* YOUR OBJECTIVE:
A single figure is the whole answer: the number of lines in the records that contain "aluminium".

* SOURCE INFORMATION:

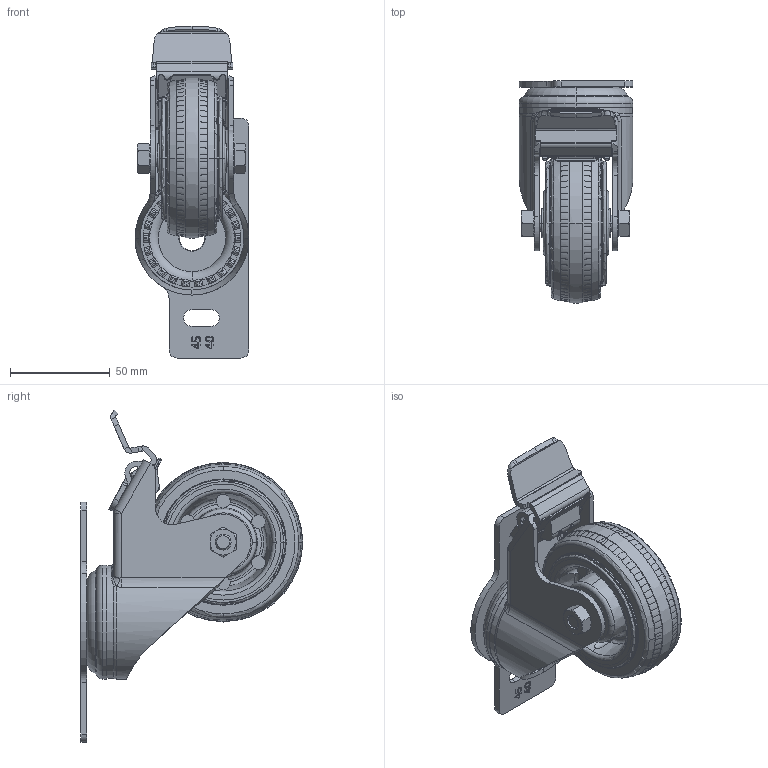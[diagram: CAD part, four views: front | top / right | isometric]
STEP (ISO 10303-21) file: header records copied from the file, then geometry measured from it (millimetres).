
FILE_DESCRIPTION (( 'STEP AP214' ), '1' );
FILE_NAME ('Accessories for aluminium profiles098S080GD4045NESD.step', '2016-10-19T13:45:46', ( '' ), ( '' ), 'SwSTEP 2.0', 'SolidWorks 2016', '' );
FILE_SCHEMA (( 'AUTOMOTIVE_DESIGN' ));
Length unit declared in the file: millimetre
Products named in the file (5): VPA_80_8K-EL_598235-214_selction no pls; 4DIN931M08048MS01; 4DIN934M08M; 098S4045R.u.Tab_098S080D4045; Accessories for aluminium profiles098S080GD4045NESD
Assembly tree (4 placements, depth 2):
  Accessories for aluminium profiles098S080GD4045NESD
    098S4045R.u.Tab_098S080D4045
    4DIN934M08M
    4DIN931M08048MS01
    VPA_80_8K-EL_598235-214_selction no pls
Bounding box: 57 x 111.08 x 166.07 mm (x, y, z)
Volume: 203229 mm3; surface area: 74642.2 mm2
Topology: 7 solids, 8 shells, 1930 faces, 5148 edges, 3299 vertices
Faces by surface type: plane 773, bspline 488, cylinder 448, torus 161, cone 53, sphere 7
Entity records: 105251 total; most frequent: CARTESIAN_POINT 40388, ORIENTED_EDGE 10288, DIRECTION 7651, EDGE_CURVE 5144, VERTEX_POINT 3299, AXIS2_PLACEMENT_3D 2650, LINE 2351, VECTOR 2351
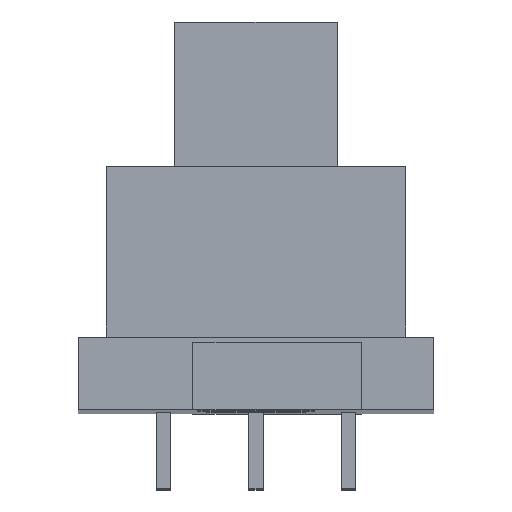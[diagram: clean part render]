
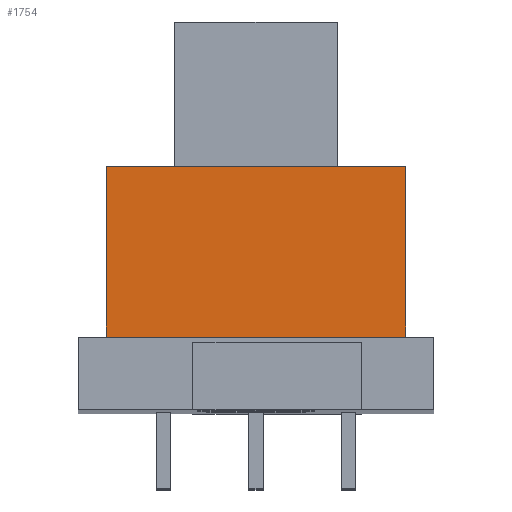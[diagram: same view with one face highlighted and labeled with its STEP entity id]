
A CAD part, top view. The second image highlights one B-rep face of the part: STEP entity #1754.
In plain terms, the highlighted planar face has unit normal (0, 0, 1).
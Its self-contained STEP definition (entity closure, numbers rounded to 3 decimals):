
#1754=ADVANCED_FACE('',(#2303),#2031,.F.);
#2031=PLANE('',#6953);
#2303=FACE_OUTER_BOUND('',#2601,.T.);
#2601=EDGE_LOOP('',(#3709,#3710,#3711,#3712));
#3709=ORIENTED_EDGE('',*,*,#5226,.F.);
#3710=ORIENTED_EDGE('',*,*,#5227,.F.);
#3711=ORIENTED_EDGE('',*,*,#5228,.F.);
#3712=ORIENTED_EDGE('',*,*,#5229,.F.);
#4545=VERTEX_POINT('',#9628);
#4546=VERTEX_POINT('',#9629);
#4547=VERTEX_POINT('',#9631);
#4548=VERTEX_POINT('',#9633);
#5226=EDGE_CURVE('',#4545,#4546,#5912,.T.);
#5227=EDGE_CURVE('',#4547,#4545,#5913,.T.);
#5228=EDGE_CURVE('',#4548,#4547,#5914,.T.);
#5229=EDGE_CURVE('',#4546,#4548,#5915,.T.);
#5912=LINE('',#9627,#6582);
#5913=LINE('',#9630,#6583);
#5914=LINE('',#9632,#6584);
#5915=LINE('',#9634,#6585);
#6582=VECTOR('',#8152,1.);
#6583=VECTOR('',#8153,1.);
#6584=VECTOR('',#8154,1.);
#6585=VECTOR('',#8155,1.);
#6953=AXIS2_PLACEMENT_3D('',#9635,#8156,#8157);
#8152=DIRECTION('',(1.,0.,0.));
#8153=DIRECTION('',(0.,1.,0.));
#8154=DIRECTION('',(-1.,0.,0.));
#8155=DIRECTION('',(0.,-1.,0.));
#8156=DIRECTION('',(0.,0.,-1.));
#8157=DIRECTION('',(0.,1.,0.));
#9627=CARTESIAN_POINT('',(1.16,10.05,89.39));
#9628=CARTESIAN_POINT('',(1.16,10.05,89.39));
#9629=CARTESIAN_POINT('',(13.51,10.05,89.39));
#9630=CARTESIAN_POINT('',(1.16,2.97,89.39));
#9631=CARTESIAN_POINT('',(1.16,2.97,89.39));
#9632=CARTESIAN_POINT('',(13.51,2.97,89.39));
#9633=CARTESIAN_POINT('',(13.51,2.97,89.39));
#9634=CARTESIAN_POINT('',(13.51,10.05,89.39));
#9635=CARTESIAN_POINT('',(0.,2.97,89.39));

* TASK OUTPUT:
3